Biogen presented additional data from the expanded analysis at the 12th Clinical Trials on Alzheimer’s Disease (CTAD) meeting, December 4-7, 2019 in San Diego, California.1
In the EMERGE trial, the change from baseline in the Clinical Dementia Rating-Sum of Boxes (CDR-SB) was statistically significant in the high-dose aducanumab group (change, —0.40 [23%]; P = .0101) compared with placebo. Significant differences were also observed in the high-dose group compared with placebo on Alzheimer’s Disease Assessment Scale-Cognitive (ADAS-Cog 13) scores (change, —1.395 [27%]; P = .0098) and Alzheimer’s Disease Cooperative Study Activities of Daily Living scale for mild cognitive impairment (ADCS-ALD-MCI) scores (change, 1.7 [40%]; P = .0009).
“The ability to hold onto activities of daily living…if you think about a 40% reduction in decline on the ADCS-ADL-MCI, you’re talking about people at a mild stage of disease still being able to work, bank, shop, travel, enjoy leisure activities for longer—I submit to you that this matters a lot more to our patients than what score they get on a memory test,” principal investigator Sharon Cohen, MD, a behavioral neurologist at the University of Toronto, said at the time.1,2 “I also believe that results on this functional scale of daily activity translates better to our nonspecialist colleagues in medicine, our family physicians who bear the brunt of Alzheimer’s care, as well as to the non-medical community who struggle to understand clinical meaningfulness.”
The ultimate fate of aducanumab remains questionable, with many experts in the field raising concerns about the data, given that the positive signs observed in EMERGE were not exactly corroborated in ENGAGE.

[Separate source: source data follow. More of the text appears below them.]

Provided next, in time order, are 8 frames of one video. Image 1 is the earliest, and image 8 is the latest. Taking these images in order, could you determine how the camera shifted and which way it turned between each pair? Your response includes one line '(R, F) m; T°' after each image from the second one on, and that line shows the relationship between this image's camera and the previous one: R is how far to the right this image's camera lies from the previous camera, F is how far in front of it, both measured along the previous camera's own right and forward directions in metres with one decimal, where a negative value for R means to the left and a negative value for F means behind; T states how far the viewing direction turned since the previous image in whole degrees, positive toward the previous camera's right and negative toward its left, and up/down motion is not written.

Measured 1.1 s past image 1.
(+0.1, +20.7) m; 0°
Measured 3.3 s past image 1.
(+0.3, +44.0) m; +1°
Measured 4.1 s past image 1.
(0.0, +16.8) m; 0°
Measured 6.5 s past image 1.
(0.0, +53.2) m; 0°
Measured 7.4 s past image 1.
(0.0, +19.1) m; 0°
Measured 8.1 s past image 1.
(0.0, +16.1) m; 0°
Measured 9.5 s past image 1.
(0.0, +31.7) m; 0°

Lon Schneider, MD, professor of psychiatry, neurology, and gerontology at the Keck School of Medicine at the University of Southern California wrote in an editorial published in Lancet Neurology that “although Biogen claims that the positive results of the EMERGE trial were driven by greater exposure to a higher dose in the larger dataset, the effect could just as likely been due to greater worsening in the placebo group.”3
It remains to be seen whether the FDA will grant the drug regular or priority review, which could substantially impact the drug’s potential approval timeline.

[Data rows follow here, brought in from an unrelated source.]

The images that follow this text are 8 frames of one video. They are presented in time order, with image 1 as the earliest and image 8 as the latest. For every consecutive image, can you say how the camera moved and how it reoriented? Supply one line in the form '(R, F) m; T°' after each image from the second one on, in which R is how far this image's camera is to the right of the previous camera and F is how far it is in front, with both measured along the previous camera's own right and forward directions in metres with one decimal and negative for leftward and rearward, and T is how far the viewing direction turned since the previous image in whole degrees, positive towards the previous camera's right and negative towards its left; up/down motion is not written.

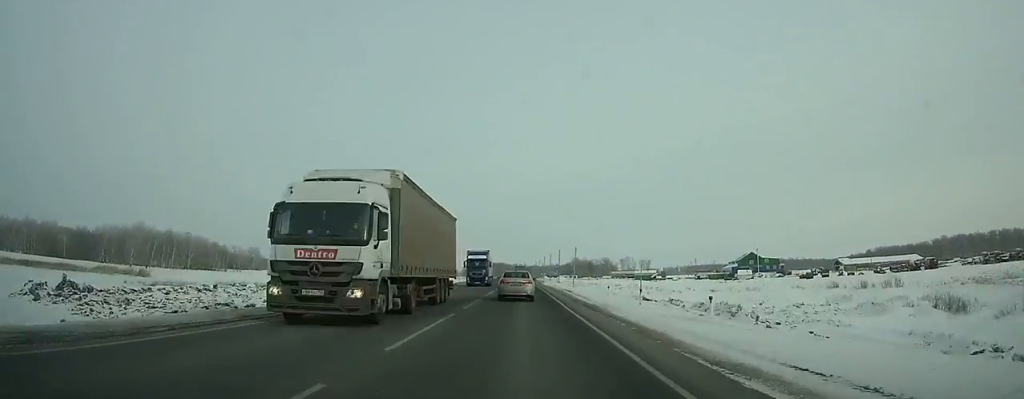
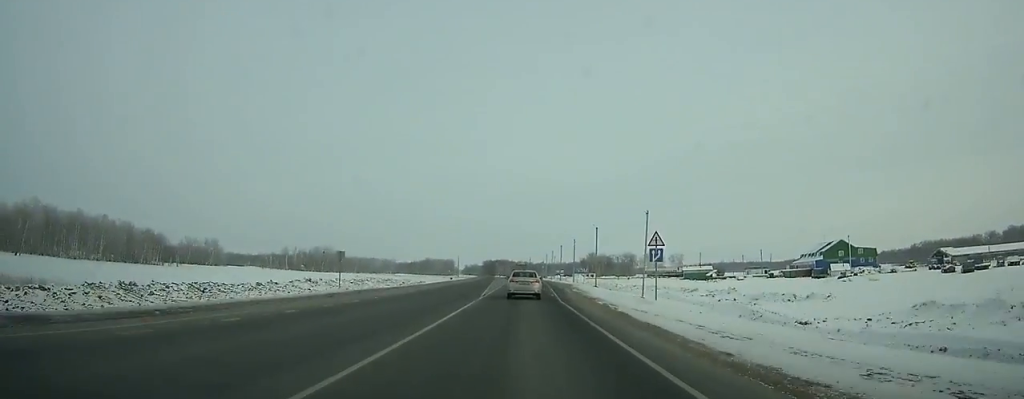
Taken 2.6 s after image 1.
(-0.3, +73.5) m; -1°
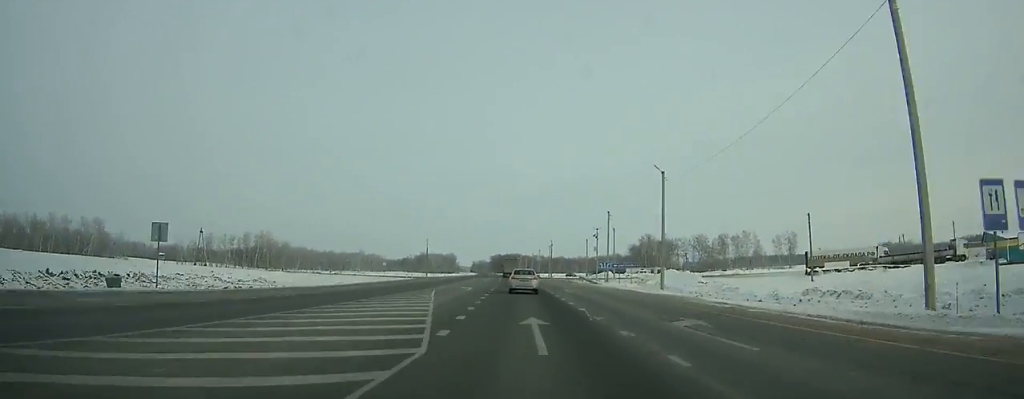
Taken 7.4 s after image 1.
(-1.4, +135.0) m; -2°
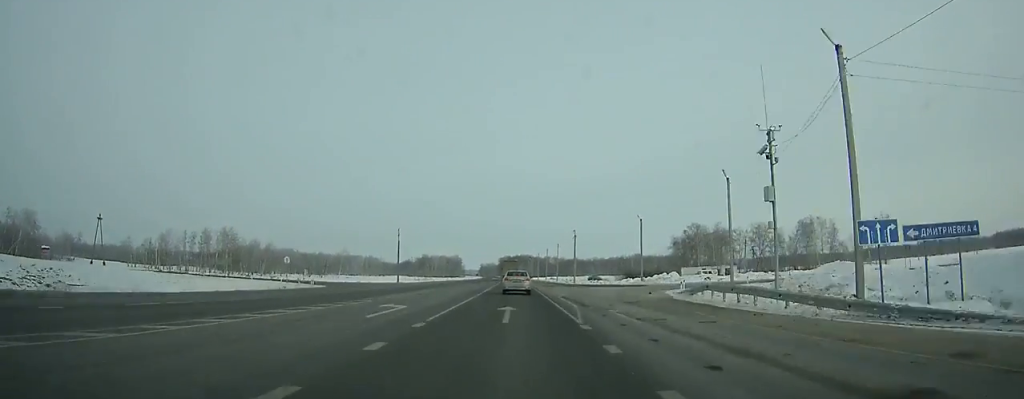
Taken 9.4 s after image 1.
(-0.8, +54.9) m; -1°
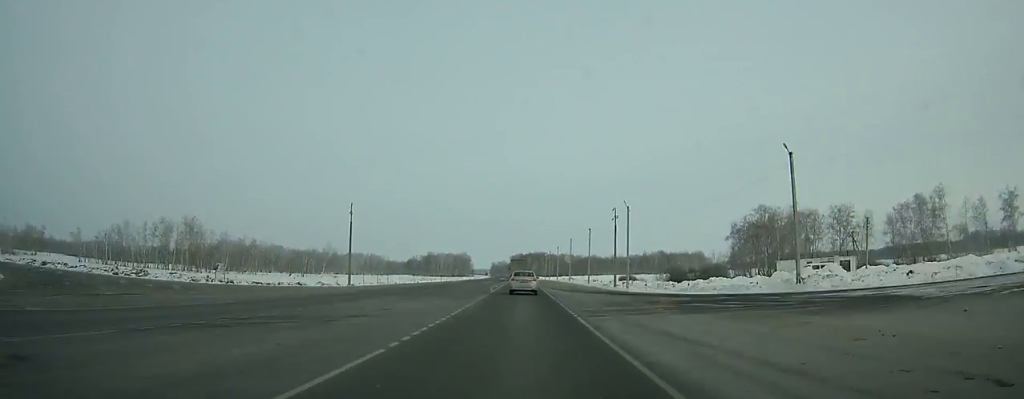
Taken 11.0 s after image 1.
(-0.2, +43.4) m; -1°
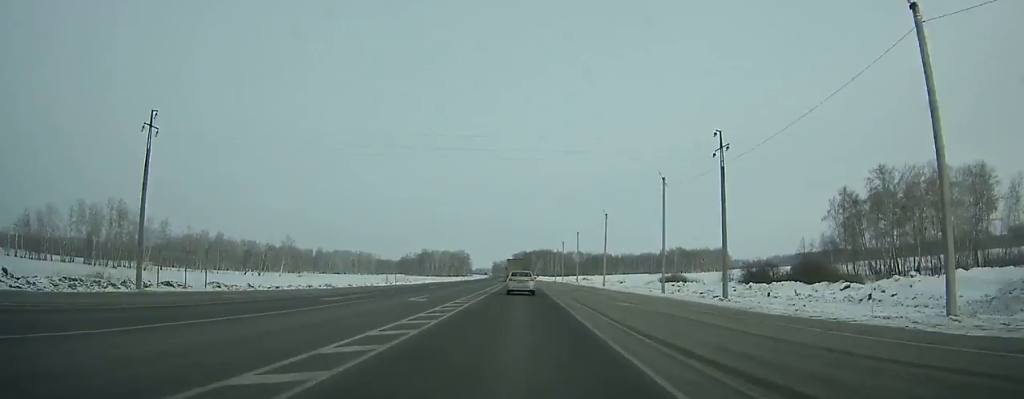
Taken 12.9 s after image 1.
(-0.5, +50.5) m; -1°
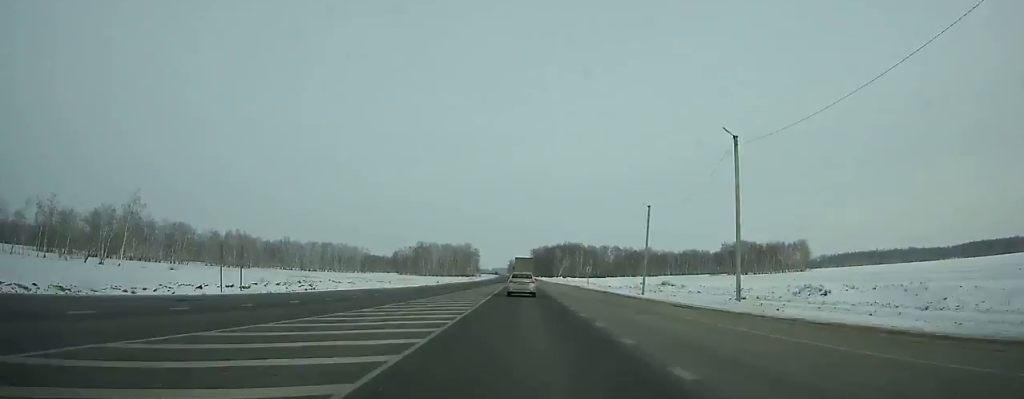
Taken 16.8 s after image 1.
(-1.0, +101.3) m; -1°
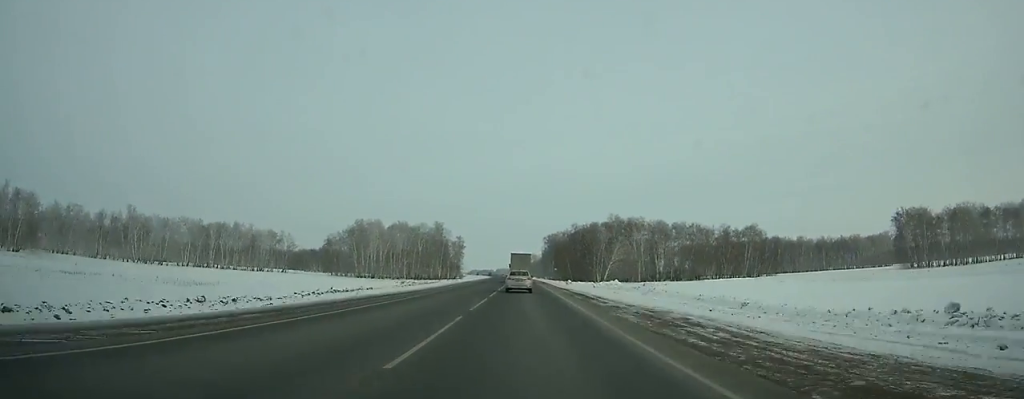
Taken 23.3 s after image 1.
(-1.9, +162.6) m; -1°

“We remain dedicated to working with urgency with the purpose of meaningfully changing the course of Alzheimer’s disease,” the company said.

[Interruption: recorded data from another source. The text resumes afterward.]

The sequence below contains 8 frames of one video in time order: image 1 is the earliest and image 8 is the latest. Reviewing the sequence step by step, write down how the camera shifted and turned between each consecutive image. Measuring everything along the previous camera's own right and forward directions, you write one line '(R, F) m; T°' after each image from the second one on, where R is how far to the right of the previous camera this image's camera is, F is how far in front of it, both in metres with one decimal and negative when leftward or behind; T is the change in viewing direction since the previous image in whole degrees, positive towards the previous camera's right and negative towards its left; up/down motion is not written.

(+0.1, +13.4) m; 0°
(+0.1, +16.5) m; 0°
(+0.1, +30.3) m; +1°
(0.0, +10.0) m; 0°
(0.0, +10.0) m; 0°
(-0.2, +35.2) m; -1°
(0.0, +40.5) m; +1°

1. Budd Haeberlein S, von Hehn C, Tian Y, et al. EMERGE and ENGAGE topline results: two phase 3 studies to evaluate aducanumab in patients with early Alzheimer’s Disease. Presented at: 12th Annual CTAD Meeting. December 4-7, 2019; San Diego, CA.
2. Biogen plans regulatory filing for aducanumab in Alzheimer’s Disease based on new analysis of larger dataset from phase 3 studies [news release]. Cambridge, MA and Tokyo: Biogen and Eisai. October 22, 2019. biospace.com/article/releases/biogen-plans-regulatory-filing-for-aducanumab-in-alzheimer-s-disease-based-on-new-analysis-of-larger-dataset-from-phase-3-studies. Accessed December 5, 2019.
3. Schneider L. A resurrection of aducanumab for Alzheimer's disease. Lancet Neurol. Published online December 4, 2019. doi: 10.1016/S1474-4422(19)30480-6.